FractalPanel2.java - a class that creates a drawing panel that contains the Sierpinski Triangle, drawn recursively.

The order of a fractal is the number of repetive layers the fractal has.

The code to create the applet is given for you. You need to complete the drawFractal methods in the FractalPanel1 and FractalPanel2 classes. Your implementation MUST be recursive for full credit.

Basics of Drawing
Each fractal panel has a field named page which is a reference to the drawing panel that you can draw on to create your fractal. The panel is 400 pixels X 400 pixels. The origin (0,0) is at the TOP LEFT corner of the drawing panel. The x coordinate increases as you go from left to right. The y coordinate increases as you go from TOP to BOTTOM.
To draw a line, you call the drawLine method as follows:
page.drawLine(x1, y1, x2, y2)
In the method call above, x1 and y1 are the x and y coordinates of one end of the line, and x2 and y2 are the x and y coordinates of the other end of the line. These values are all expressed in pixels.
To draw a filled-in rectangle, you call the fillRect method as follows:
page.fillRect(x, y, width, height)
In the method call above, x and y are the coordinates of the TOP LEFT corner of the rectangle (in pixels), and width and height give the size of the rectangle in pixels.

In each application, each time the user clicks the Increase or Decrease button, the order of the fractal increases or decreases (as long as it does not go out of range), and the fractal is redrawn. This is performed by the paintComponent method which calls the drawFractal method that you must complete in both examples. Remember that your drawFractal method must be recursive.

Here are examples of the applet output for each fractal for orders 1, 2 and 3. In the pictures below, the black region is the drawing panel (400 X 400) where the origin (0,0) is at the top level of the black box.

Sierpinski Carpets of order 1, 2 and 3 (left to right)

Sierpinski Triangles of order 1, 2 and 3 (left to right)

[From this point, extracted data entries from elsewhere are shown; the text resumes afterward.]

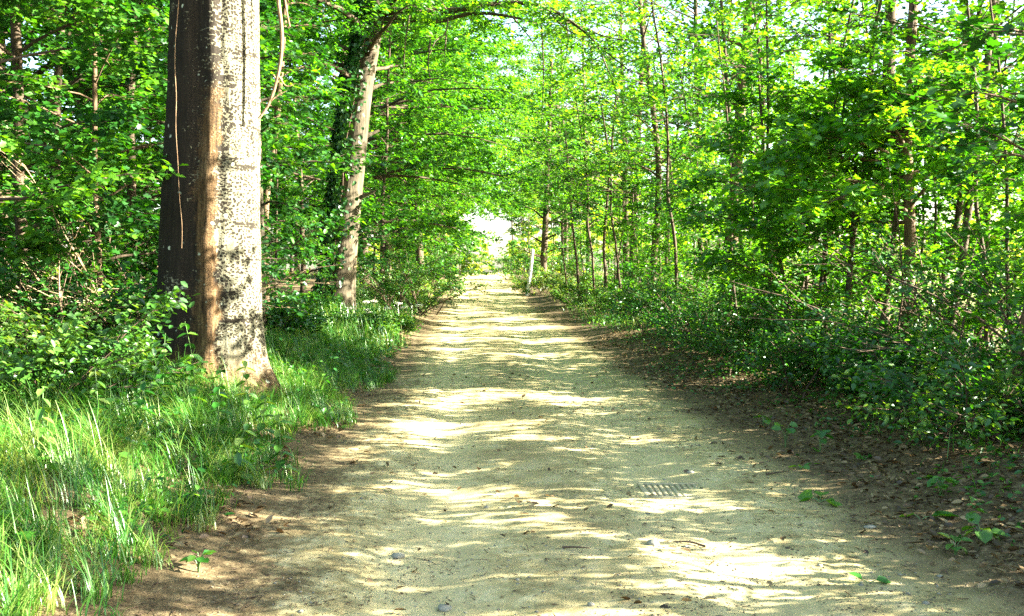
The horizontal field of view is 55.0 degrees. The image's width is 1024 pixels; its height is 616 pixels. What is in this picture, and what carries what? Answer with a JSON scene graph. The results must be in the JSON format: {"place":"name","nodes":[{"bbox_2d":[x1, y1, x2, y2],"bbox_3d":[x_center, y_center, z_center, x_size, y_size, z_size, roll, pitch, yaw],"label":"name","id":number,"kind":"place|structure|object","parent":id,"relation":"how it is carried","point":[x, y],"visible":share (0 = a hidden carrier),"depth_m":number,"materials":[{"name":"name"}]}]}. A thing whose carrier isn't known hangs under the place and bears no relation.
{"place":"outdoors","nodes":[
{"label":"outdoors","id":0,"kind":"place"},
{"bbox_2d":[0,269,1020,615],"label":"grass","id":1,"kind":"structure","parent":0,"point":[88,439],"depth_m":6.79,"materials":[{"name":"green plant"}]},
{"bbox_2d":[0,266,1023,615],"bbox_3d":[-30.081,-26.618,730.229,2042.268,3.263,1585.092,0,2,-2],"label":"ground","id":2,"kind":"structure","parent":0,"point":[178,578],"depth_m":7.00,"materials":[{"name":"brown soil"}]},
{"bbox_2d":[0,290,153,400],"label":"shrub","id":3,"kind":"object","parent":2,"relation":"on","point":[20,326],"visible":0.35,"depth_m":9.43,"materials":[{"name":"green plant"}]},
{"bbox_2d":[6,5,167,306],"bbox_3d":[-9.753,-5.811,20.982,6.446,13.049,7.702,0,2,-11],"label":"maple","id":4,"kind":"object","parent":2,"relation":"on","point":[78,102],"visible":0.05,"depth_m":21.54,"materials":[{"name":"green plant"}]},
{"bbox_2d":[0,0,187,275],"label":"maple","id":5,"kind":"object","parent":2,"relation":"on","point":[39,241],"visible":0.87,"depth_m":10.53,"materials":[{"name":"green plant"}]},
{"bbox_2d":[0,281,215,408],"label":"bramble","id":6,"kind":"object","parent":2,"relation":"on","point":[60,351],"visible":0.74,"depth_m":8.51,"materials":[{"name":"green plant"}]},
{"bbox_2d":[0,0,271,338],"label":"maple","id":7,"kind":"object","parent":2,"relation":"on","point":[15,113],"visible":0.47,"depth_m":12.13,"materials":[{"name":"green plant"}]},
{"bbox_2d":[0,0,271,333],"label":"sapling","id":8,"kind":"object","parent":2,"relation":"on","point":[58,90],"visible":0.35,"depth_m":12.12,"materials":[{"name":"green plant"}]},
{"bbox_2d":[0,0,280,318],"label":"maple","id":9,"kind":"object","parent":2,"relation":"on","point":[58,68],"visible":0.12,"depth_m":15.53,"materials":[{"name":"green plant"}]},
{"bbox_2d":[1,192,288,334],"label":"shrub","id":10,"kind":"object","parent":2,"relation":"on","point":[118,275],"visible":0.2,"depth_m":12.60,"materials":[{"name":"green plant"}]},
{"bbox_2d":[0,0,297,322],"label":"maple","id":11,"kind":"object","parent":2,"relation":"on","point":[131,190],"visible":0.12,"depth_m":17.11,"materials":[{"name":"green plant"}]},
{"bbox_2d":[0,163,321,348],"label":"shrub","id":12,"kind":"object","parent":2,"relation":"on","point":[270,270],"visible":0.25,"depth_m":12.08,"materials":[{"name":"green plant"}]},
{"bbox_2d":[0,216,343,382],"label":"shrub","id":13,"kind":"object","parent":2,"relation":"on","point":[11,283],"visible":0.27,"depth_m":11.44,"materials":[{"name":"green plant"}]},
{"bbox_2d":[0,150,359,337],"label":"dry brush","id":14,"kind":"object","parent":2,"relation":"on","point":[58,281],"visible":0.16,"depth_m":11.59,"materials":[{"name":"brown plant"}]},
{"bbox_2d":[0,5,361,307],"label":"broad tree","id":15,"kind":"object","parent":2,"relation":"on","point":[277,145],"visible":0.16,"depth_m":17.99,"materials":[{"name":"green plant"}]},
{"bbox_2d":[6,21,378,293],"bbox_3d":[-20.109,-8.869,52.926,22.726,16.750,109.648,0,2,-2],"label":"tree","id":16,"kind":"object","parent":2,"relation":"on","point":[146,137],"visible":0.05,"depth_m":52.97,"materials":[{"name":"green plant"}]},
{"bbox_2d":[151,0,284,402],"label":"mottled tree","id":17,"kind":"object","parent":2,"relation":"on","point":[209,247],"visible":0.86,"depth_m":10.02,"materials":[{"name":"grey plant"}]},
{"bbox_2d":[42,0,409,270],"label":"maple","id":18,"kind":"object","parent":2,"relation":"on","point":[308,211],"visible":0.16,"depth_m":20.96,"materials":[{"name":"green plant"}]},
{"bbox_2d":[6,0,474,245],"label":"broad tree","id":19,"kind":"object","parent":2,"relation":"on","point":[336,53],"visible":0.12,"depth_m":27.88,"materials":[{"name":"green plant"}]},
{"bbox_2d":[259,0,311,335],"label":"slim tree","id":20,"kind":"object","parent":2,"relation":"on","point":[269,53],"visible":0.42,"depth_m":15.16,"materials":[{"name":"green plant"}]},
{"bbox_2d":[262,118,338,308],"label":"maple","id":21,"kind":"object","parent":2,"relation":"on","point":[289,217],"visible":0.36,"depth_m":18.20,"materials":[{"name":"green plant"}]},
{"bbox_2d":[262,295,341,341],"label":"shrub","id":22,"kind":"object","parent":2,"relation":"on","point":[275,317],"visible":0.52,"depth_m":15.87,"materials":[{"name":"green plant"}]},
{"bbox_2d":[259,0,351,308],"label":"slim tree","id":23,"kind":"object","parent":2,"relation":"on","point":[305,6],"visible":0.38,"depth_m":19.66,"materials":[{"name":"green plant"}]},
{"bbox_2d":[260,1,392,292],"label":"maple","id":24,"kind":"object","parent":2,"relation":"on","point":[324,122],"visible":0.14,"depth_m":29.17,"materials":[{"name":"green plant"}]},
{"bbox_2d":[123,0,596,271],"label":"broad tree","id":25,"kind":"object","parent":2,"relation":"on","point":[454,41],"visible":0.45,"depth_m":36.53,"materials":[{"name":"green plant"}]},
{"bbox_2d":[298,28,456,297],"bbox_3d":[-4.695,-4.706,32.954,5.853,9.917,4.899,-1,2,-27],"label":"maple","id":26,"kind":"object","parent":2,"relation":"on","point":[399,148],"visible":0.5,"depth_m":32.77,"materials":[{"name":"green plant"}]},
{"bbox_2d":[265,0,563,290],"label":"broad tree","id":27,"kind":"object","parent":2,"relation":"on","point":[499,154],"visible":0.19,"depth_m":47.72,"materials":[{"name":"green plant"}]},
{"bbox_2d":[373,267,460,310],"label":"shrub","id":28,"kind":"object","parent":2,"relation":"on","point":[418,291],"visible":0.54,"depth_m":36.79,"materials":[{"name":"green plant"}]},
{"bbox_2d":[320,3,521,289],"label":"tree","id":29,"kind":"object","parent":2,"relation":"on","point":[419,252],"visible":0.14,"depth_m":47.45,"materials":[{"name":"green plant"}]},
{"bbox_2d":[290,10,552,278],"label":"broad tree","id":30,"kind":"object","parent":2,"relation":"on","point":[471,62],"visible":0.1,"depth_m":56.26,"materials":[{"name":"green plant"}]},
{"bbox_2d":[314,10,539,270],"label":"broad tree","id":31,"kind":"object","parent":2,"relation":"on","point":[499,164],"visible":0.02,"depth_m":66.75,"materials":[{"name":"green plant"}]},
{"bbox_2d":[356,227,503,315],"bbox_3d":[-3.302,-1.212,30.863,5.207,2.900,6.585,-1,2,-14],"label":"shrub","id":32,"kind":"object","parent":2,"relation":"on","point":[388,286],"visible":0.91,"depth_m":30.24,"materials":[{"name":"green plant"}]},
{"bbox_2d":[263,0,680,312],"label":"ivy tree","id":33,"kind":"object","parent":2,"relation":"on","point":[343,195],"visible":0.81,"depth_m":26.15,"materials":[{"name":"green plant"}]},
{"bbox_2d":[370,19,611,274],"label":"woods","id":34,"kind":"object","parent":2,"relation":"on","point":[528,163],"visible":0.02,"depth_m":108.85,"materials":[{"name":"green plant"}]},
{"bbox_2d":[0,289,1023,565],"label":"ground cover","id":35,"kind":"object","parent":2,"relation":"on","point":[600,321],"visible":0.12,"depth_m":8.58,"materials":[{"name":"green plant"}]},
{"bbox_2d":[369,147,654,272],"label":"woods","id":36,"kind":"object","parent":2,"relation":"on","point":[609,248],"visible":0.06,"depth_m":113.64,"materials":[{"name":"green plant"}]},
{"bbox_2d":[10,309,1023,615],"bbox_3d":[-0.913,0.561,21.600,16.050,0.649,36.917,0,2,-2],"label":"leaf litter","id":37,"kind":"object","parent":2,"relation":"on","point":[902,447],"visible":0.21,"depth_m":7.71,"materials":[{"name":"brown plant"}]},
{"bbox_2d":[37,358,1023,615],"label":"twig litter","id":38,"kind":"object","parent":2,"relation":"on","point":[577,506],"visible":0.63,"depth_m":6.45,"materials":[{"name":"brown plant"}]},
{"bbox_2d":[496,50,603,287],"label":"tree","id":39,"kind":"object","parent":2,"relation":"on","point":[544,245],"visible":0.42,"depth_m":51.75,"materials":[{"name":"green plant"}]},
{"bbox_2d":[477,54,628,273],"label":"broad tree","id":40,"kind":"object","parent":2,"relation":"on","point":[543,163],"visible":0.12,"depth_m":79.71,"materials":[{"name":"green plant"}]},
{"bbox_2d":[474,20,635,273],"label":"broad tree","id":41,"kind":"object","parent":2,"relation":"on","point":[538,85],"visible":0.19,"depth_m":65.41,"materials":[{"name":"green plant"}]},
{"bbox_2d":[490,233,620,280],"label":"bush","id":42,"kind":"object","parent":2,"relation":"on","point":[510,262],"visible":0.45,"depth_m":55.42,"materials":[{"name":"green plant"}]},
{"bbox_2d":[533,128,600,297],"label":"sapling","id":43,"kind":"object","parent":2,"relation":"on","point":[552,165],"visible":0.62,"depth_m":40.02,"materials":[{"name":"green plant"}]},
{"bbox_2d":[470,0,682,273],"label":"broad tree","id":44,"kind":"object","parent":2,"relation":"on","point":[526,82],"visible":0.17,"depth_m":54.77,"materials":[{"name":"green plant"}]},
{"bbox_2d":[534,71,635,308],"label":"pole sapling","id":45,"kind":"object","parent":2,"relation":"on","point":[568,119],"visible":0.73,"depth_m":36.42,"materials":[{"name":"green plant"}]},
{"bbox_2d":[547,90,647,309],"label":"sapling","id":46,"kind":"object","parent":2,"relation":"on","point":[586,171],"visible":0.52,"depth_m":35.99,"materials":[{"name":"green plant"}]},
{"bbox_2d":[467,0,739,289],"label":"broad tree","id":47,"kind":"object","parent":2,"relation":"on","point":[493,70],"visible":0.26,"depth_m":42.46,"materials":[{"name":"green plant"}]},
{"bbox_2d":[560,175,648,283],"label":"sapling","id":48,"kind":"object","parent":2,"relation":"on","point":[608,255],"visible":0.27,"depth_m":43.87,"materials":[{"name":"green plant"}]},
{"bbox_2d":[537,39,683,289],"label":"pole sapling","id":49,"kind":"object","parent":2,"relation":"on","point":[611,212],"visible":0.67,"depth_m":33.94,"materials":[{"name":"green plant"}]},
{"bbox_2d":[566,64,682,283],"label":"pole sapling","id":50,"kind":"object","parent":2,"relation":"on","point":[625,126],"visible":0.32,"depth_m":36.07,"materials":[{"name":"green plant"}]},
{"bbox_2d":[559,0,692,290],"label":"slim tree","id":51,"kind":"object","parent":2,"relation":"on","point":[629,197],"visible":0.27,"depth_m":37.94,"materials":[{"name":"green plant"}]},
{"bbox_2d":[570,0,741,317],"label":"slim tree","id":52,"kind":"object","parent":2,"relation":"on","point":[658,168],"visible":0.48,"depth_m":30.98,"materials":[{"name":"green plant"}]},
{"bbox_2d":[598,158,713,293],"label":"sapling","id":53,"kind":"object","parent":2,"relation":"on","point":[623,267],"visible":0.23,"depth_m":35.05,"materials":[{"name":"green plant"}]},
{"bbox_2d":[608,49,713,305],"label":"sapling","id":54,"kind":"object","parent":2,"relation":"on","point":[648,175],"visible":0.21,"depth_m":33.98,"materials":[{"name":"green plant"}]},
{"bbox_2d":[604,269,718,325],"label":"bush","id":55,"kind":"object","parent":2,"relation":"on","point":[630,301],"visible":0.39,"depth_m":25.00,"materials":[{"name":"green plant"}]},
{"bbox_2d":[581,0,749,322],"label":"pole sapling","id":56,"kind":"object","parent":2,"relation":"on","point":[636,19],"visible":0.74,"depth_m":24.55,"materials":[{"name":"green plant"}]},
{"bbox_2d":[606,52,725,309],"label":"pole sapling","id":57,"kind":"object","parent":2,"relation":"on","point":[633,162],"visible":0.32,"depth_m":29.43,"materials":[{"name":"green plant"}]},
{"bbox_2d":[598,258,754,337],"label":"bush","id":58,"kind":"object","parent":2,"relation":"on","point":[675,297],"visible":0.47,"depth_m":21.32,"materials":[{"name":"green plant"}]},
{"bbox_2d":[518,0,850,279],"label":"broad tree","id":59,"kind":"object","parent":2,"relation":"on","point":[695,12],"visible":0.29,"depth_m":33.63,"materials":[{"name":"green plant"}]},
{"bbox_2d":[622,37,750,279],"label":"pole sapling","id":60,"kind":"object","parent":2,"relation":"on","point":[667,89],"visible":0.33,"depth_m":27.50,"materials":[{"name":"green plant"}]},
{"bbox_2d":[620,135,757,307],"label":"sapling","id":61,"kind":"object","parent":2,"relation":"on","point":[654,232],"visible":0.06,"depth_m":30.25,"materials":[{"name":"green plant"}]},
{"bbox_2d":[357,210,1023,275],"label":"woods","id":62,"kind":"object","parent":2,"relation":"on","point":[463,264],"visible":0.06,"depth_m":189.68,"materials":[{"name":"plant"}]},
{"bbox_2d":[642,0,760,319],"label":"sapling","id":63,"kind":"object","parent":2,"relation":"on","point":[679,157],"visible":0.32,"depth_m":27.09,"materials":[{"name":"green plant"}]},
{"bbox_2d":[625,132,795,314],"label":"sapling","id":64,"kind":"object","parent":2,"relation":"on","point":[676,204],"visible":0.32,"depth_m":25.91,"materials":[{"name":"green plant"}]},
{"bbox_2d":[624,0,817,319],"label":"slim tree","id":65,"kind":"object","parent":2,"relation":"on","point":[726,75],"visible":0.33,"depth_m":22.00,"materials":[{"name":"green plant"}]},
{"bbox_2d":[642,14,803,330],"bbox_3d":[4.226,-2.606,19.503,3.076,6.843,2.711,1,3,34],"label":"pole sapling","id":66,"kind":"object","parent":2,"relation":"on","point":[684,149],"visible":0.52,"depth_m":19.45,"materials":[{"name":"green plant"}]},
{"bbox_2d":[629,229,818,314],"bbox_3d":[6.354,-0.721,25.765,6.510,2.637,4.360,-1,2,-31],"label":"bush","id":67,"kind":"object","parent":2,"relation":"on","point":[679,275],"visible":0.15,"depth_m":25.02,"materials":[{"name":"green plant"}]},
{"bbox_2d":[656,0,799,326],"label":"slim tree","id":68,"kind":"object","parent":2,"relation":"on","point":[739,85],"visible":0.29,"depth_m":24.01,"materials":[{"name":"green plant"}]},
{"bbox_2d":[639,0,826,322],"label":"pole sapling","id":69,"kind":"object","parent":2,"relation":"on","point":[675,99],"visible":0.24,"depth_m":24.22,"materials":[{"name":"green plant"}]},
{"bbox_2d":[641,281,842,343],"bbox_3d":[4.230,0.194,18.072,4.087,1.396,2.967,1,2,31],"label":"bush","id":70,"kind":"object","parent":2,"relation":"on","point":[714,307],"visible":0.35,"depth_m":18.30,"materials":[{"name":"green plant"}]},
{"bbox_2d":[668,0,864,268],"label":"pole sapling","id":71,"kind":"object","parent":2,"relation":"on","point":[721,44],"visible":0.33,"depth_m":20.83,"materials":[{"name":"green plant"}]},
{"bbox_2d":[651,290,889,376],"bbox_3d":[4.291,0.348,15.475,3.588,1.318,3.700,0,2,-2],"label":"bush","id":72,"kind":"object","parent":2,"relation":"on","point":[718,347],"visible":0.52,"depth_m":15.24,"materials":[{"name":"green plant"}]},
{"bbox_2d":[667,62,900,317],"bbox_3d":[4.456,-1.552,16.010,3.635,5.032,4.210,1,2,30],"label":"sapling","id":73,"kind":"object","parent":2,"relation":"on","point":[740,123],"visible":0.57,"depth_m":15.81,"materials":[{"name":"green plant"}]},
{"bbox_2d":[687,0,894,342],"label":"pole sapling","id":74,"kind":"object","parent":2,"relation":"on","point":[712,65],"visible":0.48,"depth_m":16.36,"materials":[{"name":"green plant"}]},
{"bbox_2d":[734,0,894,295],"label":"pole sapling","id":75,"kind":"object","parent":2,"relation":"on","point":[750,20],"visible":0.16,"depth_m":17.37,"materials":[{"name":"green plant"}]},
{"bbox_2d":[710,88,924,318],"bbox_3d":[5.832,-1.704,18.973,3.904,5.287,4.313,0,2,12],"label":"sapling","id":76,"kind":"object","parent":2,"relation":"on","point":[734,280],"visible":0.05,"depth_m":18.58,"materials":[{"name":"green plant"}]},
{"bbox_2d":[689,33,961,333],"bbox_3d":[5.349,-1.679,15.602,4.313,5.287,3.904,-1,2,-15],"label":"sapling","id":77,"kind":"object","parent":2,"relation":"on","point":[793,246],"visible":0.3,"depth_m":15.35,"materials":[{"name":"green plant"}]},
{"bbox_2d":[737,0,922,326],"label":"pole sapling","id":78,"kind":"object","parent":2,"relation":"on","point":[825,60],"visible":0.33,"depth_m":15.34,"materials":[{"name":"green plant"}]},
{"bbox_2d":[746,295,945,398],"bbox_3d":[4.134,0.467,11.968,2.713,1.270,3.109,0,2,-2],"label":"bush","id":79,"kind":"object","parent":2,"relation":"on","point":[778,333],"visible":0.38,"depth_m":11.78,"materials":[{"name":"green plant"}]},
{"bbox_2d":[717,0,976,331],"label":"pole sapling","id":80,"kind":"object","parent":2,"relation":"on","point":[776,51],"visible":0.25,"depth_m":14.73,"materials":[{"name":"green plant"}]},
{"bbox_2d":[715,281,983,390],"bbox_3d":[3.945,0.383,13.074,3.190,1.487,3.680,-2,3,-45],"label":"bush","id":81,"kind":"object","parent":2,"relation":"on","point":[747,366],"visible":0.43,"depth_m":12.74,"materials":[{"name":"green plant"}]},
{"bbox_2d":[695,201,1014,342],"bbox_3d":[6.674,-0.458,17.019,5.865,2.734,4.784,2,3,40],"label":"bush","id":82,"kind":"object","parent":2,"relation":"on","point":[933,281],"visible":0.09,"depth_m":16.10,"materials":[{"name":"green plant"}]},
{"bbox_2d":[713,46,998,322],"bbox_3d":[5.203,-1.409,14.770,3.637,4.889,4.042,1,2,23],"label":"sapling","id":83,"kind":"object","parent":2,"relation":"on","point":[759,231],"visible":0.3,"depth_m":14.33,"materials":[{"name":"green plant"}]},
{"bbox_2d":[697,0,1023,336],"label":"maple","id":84,"kind":"object","parent":2,"relation":"on","point":[864,133],"visible":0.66,"depth_m":12.73,"materials":[{"name":"green plant"}]},
{"bbox_2d":[713,143,1023,376],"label":"bush","id":85,"kind":"object","parent":2,"relation":"on","point":[900,255],"visible":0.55,"depth_m":11.91,"materials":[{"name":"green plant"}]},
{"bbox_2d":[717,170,1023,401],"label":"bush","id":86,"kind":"object","parent":2,"relation":"on","point":[952,303],"visible":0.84,"depth_m":9.98,"materials":[{"name":"green plant"}]},
{"bbox_2d":[767,0,981,334],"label":"pole sapling","id":87,"kind":"object","parent":2,"relation":"on","point":[815,15],"visible":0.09,"depth_m":16.39,"materials":[{"name":"green plant"}]},
{"bbox_2d":[796,0,966,323],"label":"pole sapling","id":88,"kind":"object","parent":2,"relation":"on","point":[853,41],"visible":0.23,"depth_m":15.02,"materials":[{"name":"green plant"}]},
{"bbox_2d":[784,0,1020,342],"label":"pole sapling","id":89,"kind":"object","parent":2,"relation":"on","point":[856,60],"visible":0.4,"depth_m":13.32,"materials":[{"name":"green plant"}]},
{"bbox_2d":[803,307,1015,405],"bbox_3d":[4.454,0.556,10.732,2.482,1.091,2.634,0,2,-2],"label":"bush","id":90,"kind":"object","parent":2,"relation":"on","point":[860,358],"visible":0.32,"depth_m":10.41,"materials":[{"name":"green plant"}]},
{"bbox_2d":[838,21,989,318],"bbox_3d":[5.814,-1.431,13.659,2.286,5.087,2.015,-1,2,-32],"label":"pole sapling","id":91,"kind":"object","parent":2,"relation":"on","point":[873,42],"visible":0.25,"depth_m":13.70,"materials":[{"name":"green plant"}]},
{"bbox_2d":[811,314,1023,438],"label":"bush","id":92,"kind":"object","parent":2,"relation":"on","point":[895,383],"visible":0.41,"depth_m":9.41,"materials":[{"name":"green plant"}]},
{"bbox_2d":[817,0,1023,362],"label":"slim tree","id":93,"kind":"object","parent":2,"relation":"on","point":[883,31],"visible":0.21,"depth_m":13.65,"materials":[{"name":"green plant"}]},
{"bbox_2d":[822,0,1023,342],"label":"slim tree","id":94,"kind":"object","parent":2,"relation":"on","point":[845,10],"visible":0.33,"depth_m":12.78,"materials":[{"name":"green plant"}]},
{"bbox_2d":[831,320,1023,454],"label":"bush","id":95,"kind":"object","parent":2,"relation":"on","point":[987,414],"visible":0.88,"depth_m":7.83,"materials":[{"name":"green plant"}]},
{"bbox_2d":[866,0,1023,347],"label":"pole sapling","id":96,"kind":"object","parent":2,"relation":"on","point":[1012,198],"visible":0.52,"depth_m":11.83,"materials":[{"name":"green plant"}]},
{"bbox_2d":[880,0,1023,352],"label":"pole sapling","id":97,"kind":"object","parent":2,"relation":"on","point":[964,232],"visible":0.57,"depth_m":10.96,"materials":[{"name":"green plant"}]},
{"bbox_2d":[880,63,1023,346],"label":"sapling","id":98,"kind":"object","parent":2,"relation":"on","point":[991,237],"visible":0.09,"depth_m":13.77,"materials":[{"name":"green plant"}]},
{"bbox_2d":[883,1,1023,350],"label":"pole sapling","id":99,"kind":"object","parent":2,"relation":"on","point":[947,238],"visible":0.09,"depth_m":13.50,"materials":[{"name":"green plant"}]},
{"bbox_2d":[889,0,1023,429],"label":"slim tree","id":100,"kind":"object","parent":2,"relation":"on","point":[949,119],"visible":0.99,"depth_m":8.77,"materials":[{"name":"green plant"}]},
{"bbox_2d":[903,19,1023,348],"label":"sapling","id":101,"kind":"object","parent":2,"relation":"on","point":[969,321],"visible":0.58,"depth_m":10.65,"materials":[{"name":"green plant"}]},
{"bbox_2d":[957,172,1023,317],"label":"sapling","id":102,"kind":"object","parent":2,"relation":"on","point":[1016,298],"visible":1,"depth_m":7.86,"materials":[{"name":"green plant"}]},
{"bbox_2d":[6,0,1023,272],"label":"sky","id":103,"kind":"structure","parent":0,"point":[497,225],"materials":[{"name":"white"}]},
{"bbox_2d":[192,275,987,615],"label":"path","id":104,"kind":"structure","parent":0,"point":[492,333],"depth_m":6.56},
{"bbox_2d":[272,371,980,615],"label":"pebbles","id":105,"kind":"object","parent":104,"relation":"on","point":[687,546],"visible":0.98,"depth_m":5.49,"materials":[{"name":"stone"}]},
{"bbox_2d":[637,482,701,498],"bbox_3d":[1.217,1.381,7.333,0.500,0.056,0.500,0,2,0],"label":"drain grate","id":106,"kind":"object","parent":104,"relation":"on","point":[659,490],"visible":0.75,"depth_m":7.38,"materials":[{"name":"metal"}]},
{"bbox_2d":[167,379,1023,615],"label":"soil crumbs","id":107,"kind":"object","parent":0,"point":[238,603],"visible":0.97,"depth_m":5.48,"materials":[{"name":"brown soil"}]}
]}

For the Sierpinski Carpet, the initial call to drawFractal has parameters consisting of the top left coordinates of the initial square at (50,50) and the width and height of the square being 300 pixels each. For the Sierpinski Triangle, the initial call to drawFractal has parameters consisting of the coordinates of the initial triangular area with a top corner at (200, 50), left corner at (50, 350) and right corner at (350, 350).

Additional Requirements

The fractal makers both specify extends JApplet and implements ActionListener. In a plain ASCII text file, explain what each of these code phrases mean specifically in the context of this application. If the class extends JApplet, what does this allow the programmer to do? Give an example in the code where this is illustrated. If the class implements ActionListener, what must the programmer do? Give an example in the code where this is illustrated.

Documentation & Style

Be sure to document all of the code that you write to explain what you are doing. Use appropriate Java style (indentation, variable names, etc.) to make your code as readable as possible.

Hand-In Instructions & Late Submissions

Your submitted zip file should include the complete Java program and your text file with the explanation of extends JApplet and implements ActionListener as used in this application.

See the course website for instructions on how to hand in your program and the policy for late submissions.